Proof. For $$t\ge 0$$ and $$x\in\mathbb Z_m$$, define $$C(t, x) = |\{S\subseteq [t] : w(S) = x\}|$$ to be the number of weight-$$x$$ subsets of the first $$t$$ elements. So $$C(0,0)=1$$ (for the empty set), $$C(0, x) = 0$$ for $$x\ne 0$$, and for $$t\ge 1$$ and $$x\in\mathbb Z_m$$ $$C(t, x) = C(t-1, x) + C(t-1, x -_m w(t)),\hspace{1in}(1)\hspace{-1in}$$ where $$-_m$$ denotes subtraction mod $$m$$.

Define $$m_t = |\{x\in\mathbb Z_m : C(t, x) \ge 1\}|$$ to be the number of distinct set weights achieved by the end of round $$t$$. Let r.v. $$T$$ be the number of rounds until $$m_T = m$$, that is, $$C(t, x)\ge 1$$ for all $$x\in\mathbb Z_m$$. (Technically, in this definition we are imagining that the random experiment goes on indefinitely---more than $$n$$ rounds---adding a new random weight each time.)

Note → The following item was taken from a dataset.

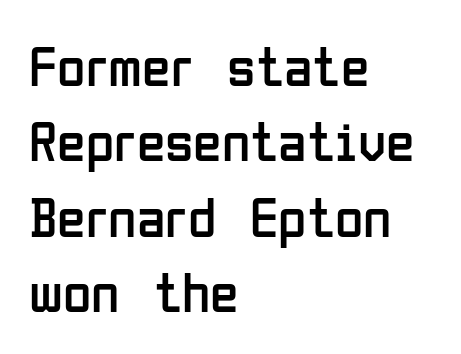
The image shows 58 px regular-weight, condensed sans-serif type, upright; set left-aligned, normal line spacing (1.3x), normal letter spacing, not underlined; low stroke contrast and a medium x-height.
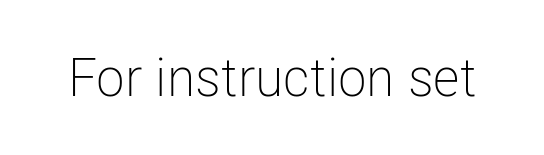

Lemma 1. $$E[T] \le 1+3\ln m$$

Proof of Lemma 1. By (1), in each round $$t \le T$$, any given weight $$x\not\in W_{t-1}$$ enters $$W_t$$ if $$x\in w(t) +_m W_{t-1}$$, that is, $$x -_m w(t) \in W_{t-1}$$, which (given that $$w(t)$$ is random, so $$x -_m w(t)$$ is random, and $$|W_{t-1}|=m_{t-1}$$) happens with probability $$m_{t-1}/m$$. It follows that $$\textstyle E[m_t - m_{t-1} \,|\, m_{t-1}=i] = (m-m_{t-1})\frac{m_{t-1}}{m} = \frac{1}{1/m_{t-1} + 1/(m-m_{t-1})}.\hspace{.6in}(2)\hspace{-.6in}$$

For $$j\le m$$ define $$\textstyle F(j) = \sum_{i=1}^j \frac{2}{i} + \frac{1}{\max(m-i, 1)}.$$

Using the definition of $$F$$ and $$m_{t-1} \le m_t \le 2 m_{t-1}$$, we have $$F(m_t)-F(m_{t-1})$$ is at most $$\textstyle \sum_{i=m_{t-1}+1}^{m_{t}} \frac{2}{i} + \frac{1}{\max(m-i, 1)} \ge (m_{t} - m_{t-1})(\frac{2}{m_{t}} + \frac{1}{m-m_{t-1}} \ge (m_{t} - m_{t-1})(\frac{1}{m_{t-1}} + \frac{1}{m-m_{t-1}}),$$ which with (2) implies $$E[F(m_t)-F(m_{t-1}) \,|\, m_{t-1}] \ge 1$$. By Wald's equation, $$E[F(m_T)] \ge F(m_0) + E[T] = E[T].$$

This implies $$E[T] \le E[F(m_T)] = F(m)$$.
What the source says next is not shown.